There is a line in a 2019 keynote speech by Mikko Hypponen, the CRO of F-Secure that goes something like this: “If we do our job in cybersecurity, then nothing happens.”
It’s so true and made me think of the times when various corporate executives challenge their investments in cybersecurity, wanting to see something tangible. Hypponen made this point by asking the audience to look around at the conference room where these conversations are taking place, asking them if it’s cleaned to their satisfaction. If so, perhaps they should fire their cleaning staff, because they’re no longer needed.

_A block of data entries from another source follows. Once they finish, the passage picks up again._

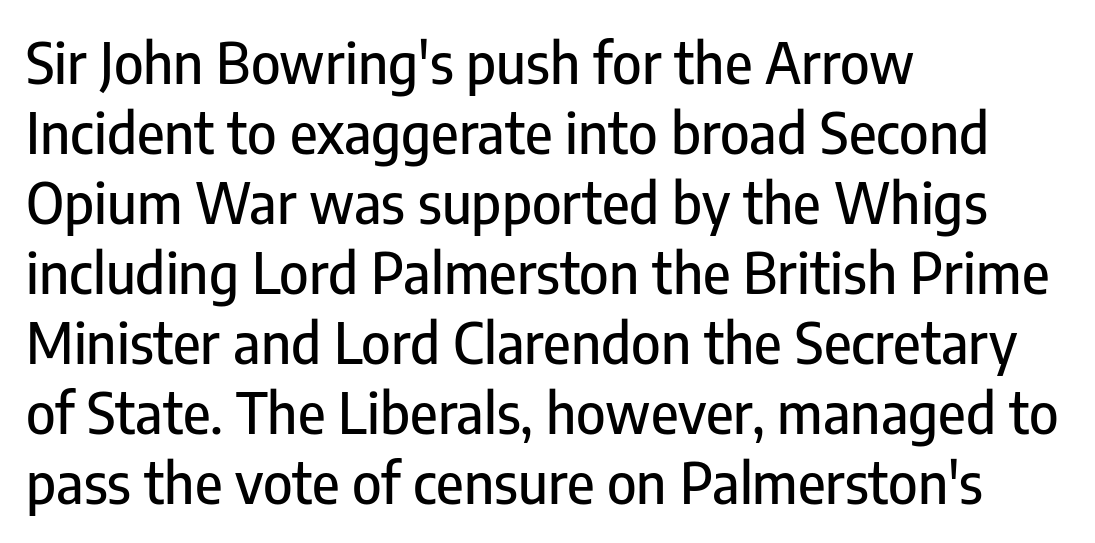
{"serif": "no", "italic": "no", "width": "condensed", "stroke_contrast": "low", "x_height": "medium", "monospaced": "no", "underline": "no", "align": "left", "line_spacing": "normal", "line_spacing_ratio": 1.25, "letter_spacing": "normal", "letter_spacing_em": 0.0, "glyph_px": 56}
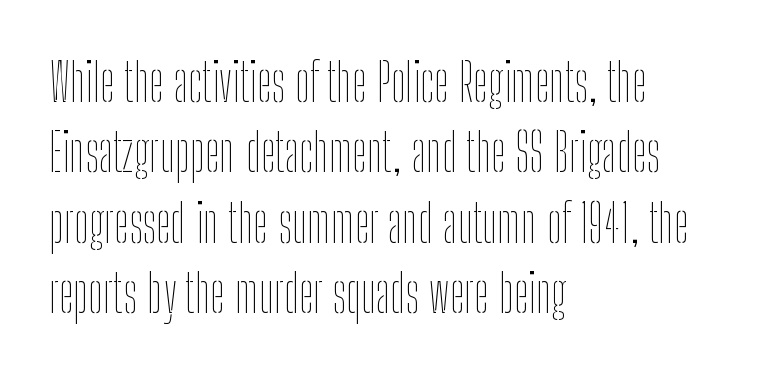
{"italic": "no", "bold": "no", "weight": "thin", "width": "condensed", "stroke_contrast": "low", "x_height": "medium", "monospaced": "no", "underline": "no", "align": "left", "line_spacing": "normal", "line_spacing_ratio": 1.33, "letter_spacing": "normal", "letter_spacing_em": 0.0, "glyph_px": 53}
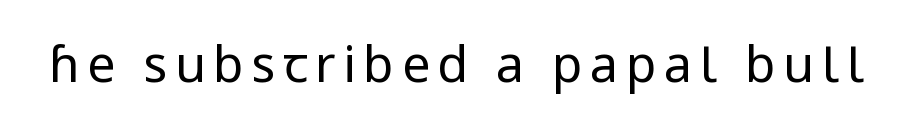
{"serif": "no", "italic": "no", "bold": "no", "weight": "regular", "width": "normal", "stroke_contrast": "low", "x_height": "medium", "monospaced": "no", "underline": "no", "glyph_px": 50}

Cleaning up the virtual dirt
Now, the difference between your security engineering staff and your cleaners is obvious. You can’t see all the virtual dirt and digital clutter that’s building up across your network, the cruft of old software that needs updating and polishing, and the garbage that your users download onto their PCs that will leave them susceptible to attack. And that’s part of the problem with cybersecurity: most things are invisible to mere mortals, and even specialists can’t always agree on the best cyber-hygiene techniques.

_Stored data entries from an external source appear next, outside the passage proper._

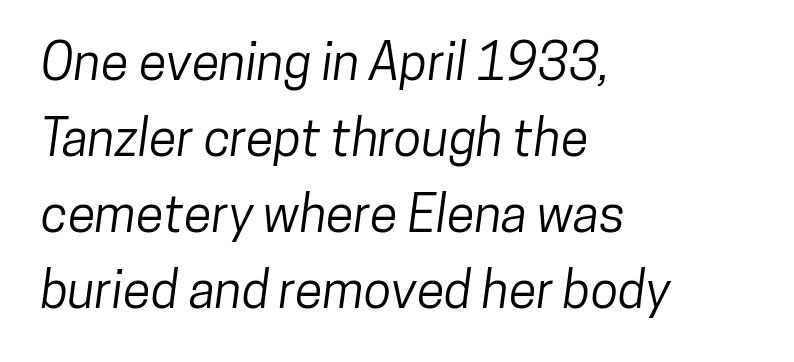
Q: Is the typeface a serif or a sans-serif typeface? A: Sans-serif.
Q: Is the text underlined? A: No.
Q: How is the paragraph aligned? A: Left-aligned.
Q: Is the spacing between letters normal or unusually wide? A: Normal.
Q: Is the spacing between lines tight, normal or loose? A: Normal.
Q: Width (condensed, normal, or wide)? A: Condensed.
Q: Stroke contrast? A: Low.
Q: x-height? A: Medium.
Q: Monospaced? A: No.
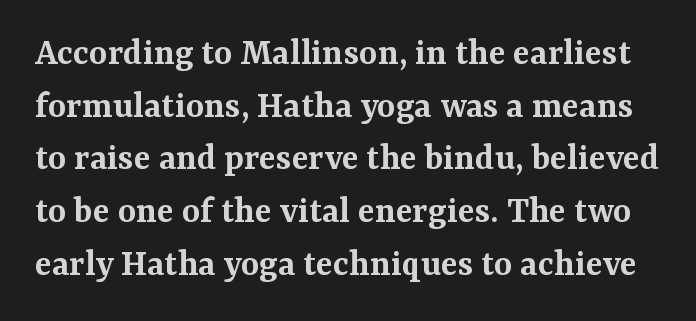
Compared with typical body copy, the letter spacing here is the same. Is the type bold? Partly — it's a semibold, heavier than regular but not fully bold. If you drew a line through each stem, it would be perfectly vertical. Character widths vary here, with narrow letters taking less room than wide ones. The area under the type is left untouched.
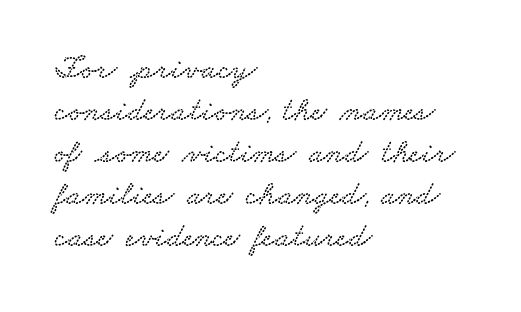
The image shows 33 px wide serif type; set left-aligned, normal line spacing (1.27x), normal letter spacing, not underlined; low stroke contrast and a small x-height.
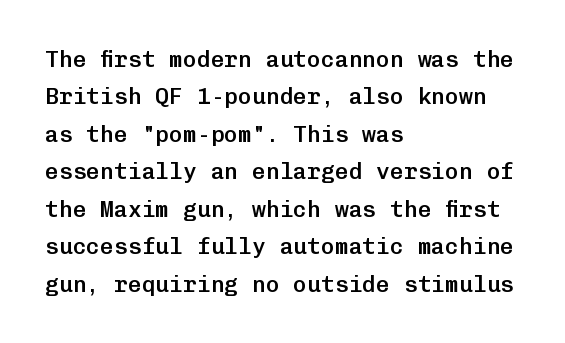
Q: Is the text bold? A: Semi-bold.
Q: Is the text italic (slanted)? A: No, it is upright.
Q: Is the text underlined? A: No.
Q: How is the paragraph aligned? A: Left-aligned.
Q: Is the spacing between letters normal or unusually wide? A: Normal.
Q: Is the spacing between lines tight, normal or loose? A: Normal.
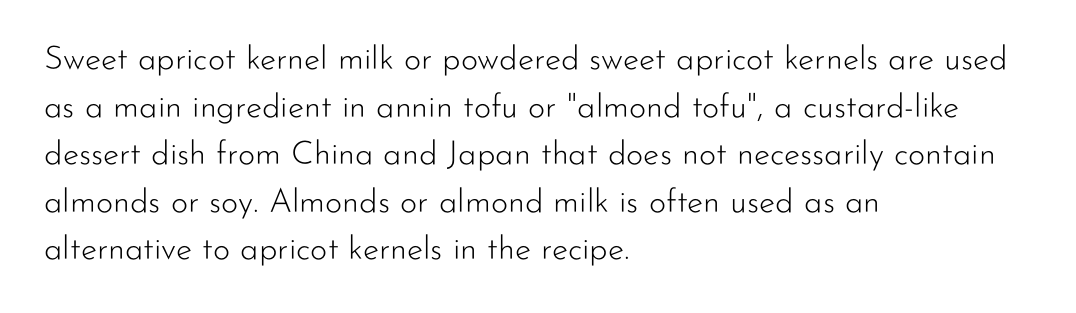
The image shows 33 px light sans-serif type, upright; set left-aligned, normal line spacing (1.44x), normal letter spacing, not underlined; low stroke contrast and a small x-height.
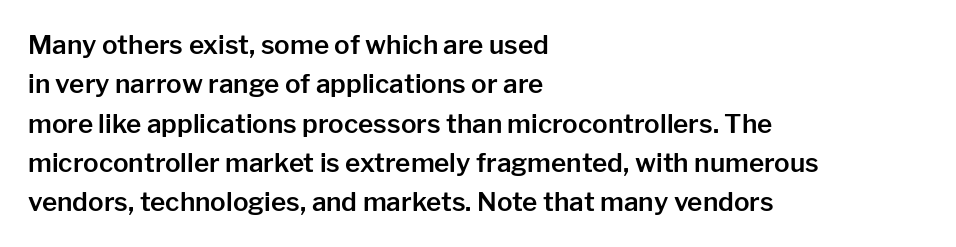
{"italic": "no", "underline": "no", "align": "left", "line_spacing": "normal", "line_spacing_ratio": 1.51, "letter_spacing": "normal", "letter_spacing_em": 0.0, "glyph_px": 26}
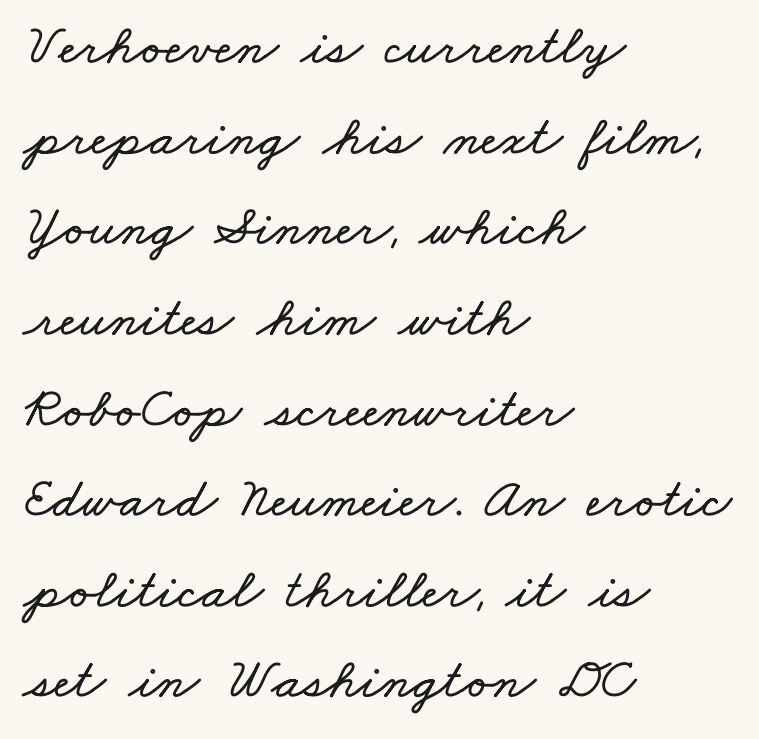
Q: Is the text underlined? A: No.
Q: How is the paragraph aligned? A: Left-aligned.
Q: Is the spacing between letters normal or unusually wide? A: Normal.
Q: Is the spacing between lines tight, normal or loose? A: Normal.
Q: Width (condensed, normal, or wide)? A: Wide.
Q: Stroke contrast? A: Low.
Q: x-height? A: Small.
Q: Monospaced? A: No.
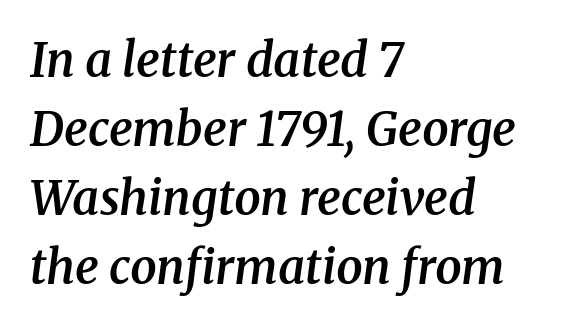
The image shows 47 px semibold serif type, italic (leaning right); set left-aligned, normal line spacing (1.47x), normal letter spacing, not underlined; medium stroke contrast and a medium x-height.
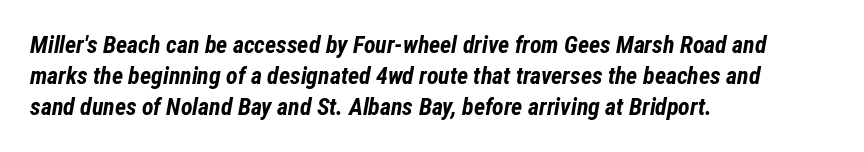
Q: Is the text bold? A: Yes.
Q: Is the text italic (slanted)? A: Yes, it leans right by about 12 degrees.
Q: Is the text underlined? A: No.
Q: How is the paragraph aligned? A: Left-aligned.
Q: Is the spacing between letters normal or unusually wide? A: Normal.
Q: Is the spacing between lines tight, normal or loose? A: Normal.

Most of us have an innate sense that mopping the floor before dusting the shelves above is the wrong way to go about cleaning the room. That’s because we all understand (at least on a basic level) how gravity operates. But when it comes to cybersecurity, should we be changing our password regularly (some say yes, some say nay)? Or using complex strings of a certain length (some say 10 digits is fine, others say longer ones are needed)?
Be prepared for a breach
Hypponen ends his talk by saying that we must assume that we’re all targets for someone, whether they’re a hacker who’s still in high school, or an international spy that’s eager to get inside our company’s network. He says:
The times of building walls are over, because eventually someone will get inside our enterprise. Breach detection is key, and we all have to get better at it.
I agree completely. We must get better at seeing the virtual dirt on our networks. Building a better or bigger wall won’t stop everyone and will just foster a false sense of cyber-immunity. And just because nothing happens, this doesn’t mean that cybersecurity folks aren’t hard at work. They’re the cleaners we don’t ever see, unless one day they fail to clean up.
This article represents the personal opinion of the author.